現代人は、言葉を議論して闘うことはしても、コミュニケーションとしてのしゃべる言葉が下手になっているんじゃないかって感じたのです。
夫婦ですら、相手の言葉が通じず、理解できなくなっている、いわゆる痴呆という現象かも知れない、と。私は対話としての喋る言葉がずいぶんと下手になったなぁと自分でも思います。

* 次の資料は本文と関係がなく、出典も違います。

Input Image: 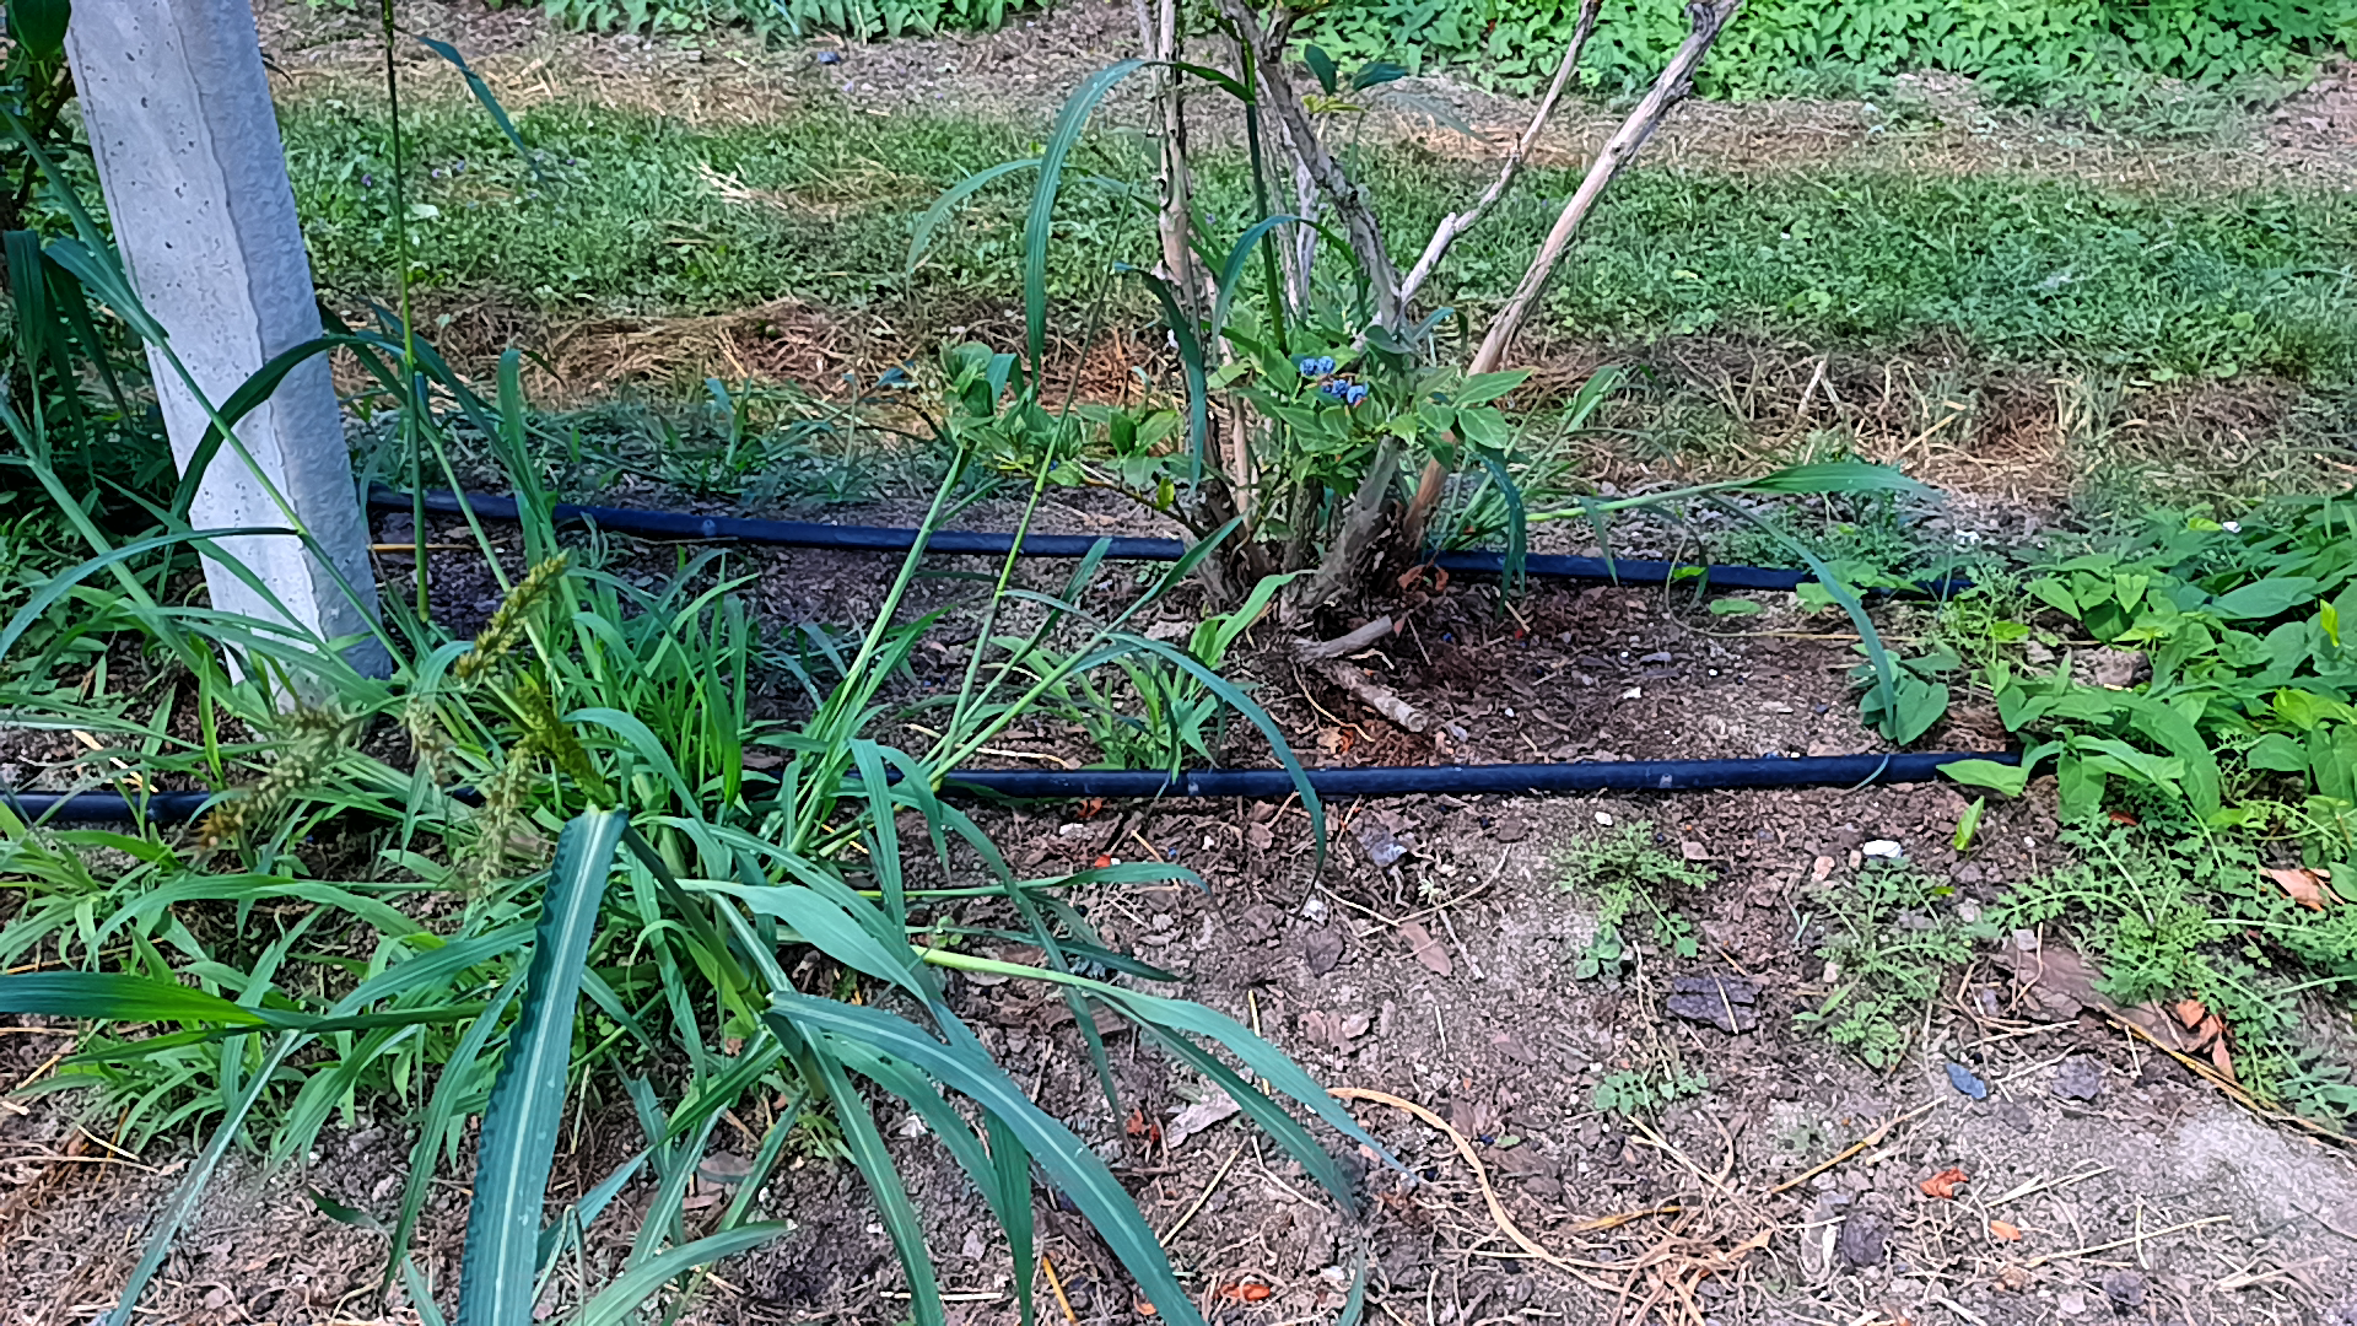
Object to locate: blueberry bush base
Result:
[1069,270,1579,765]
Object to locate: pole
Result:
[83,0,405,733]

最近、『日本はいいな的』な番組が多いのだけれど、やればやるほど、何かを誤魔化されている気もするのです。
日本において個人で豪邸を建てられるのは、外資系企業で働く在日欧米人であること。
こんなに一生懸命働いても、信じられないほど使い勝手の悪い家のリフォームや、小さな家すら建てられない日本人のイメージと対照的でした。
なぜ?

1 thoughts on “本のリクエスト

  1. pekapeka 投稿作成者

    これもまた、図書館で見つけたのだが、
    サンドラブロックの『ヤァヤァ・シスターズの聖なる秘密』
    母と娘のバトルが面白く、やがて知り、理解して、和解する。
    通じ合わないのなら、真正面から気持ちをぶつけてみるというのも手だと思う。

    『毒になる親』という本の後半に、自分の気持ちを手紙にして書いてみるというのがあって、実行してみた。返事は、…なし。
    同じ家の別棟に(あっちが本家)、私より一つ年上の従姉がいて、私の幼い時は、こうだったという手紙を書いたら、そんなことがあったの全く気が付かなかったと驚いていた。
    そして、自尊心の低さが改善されたと思っている。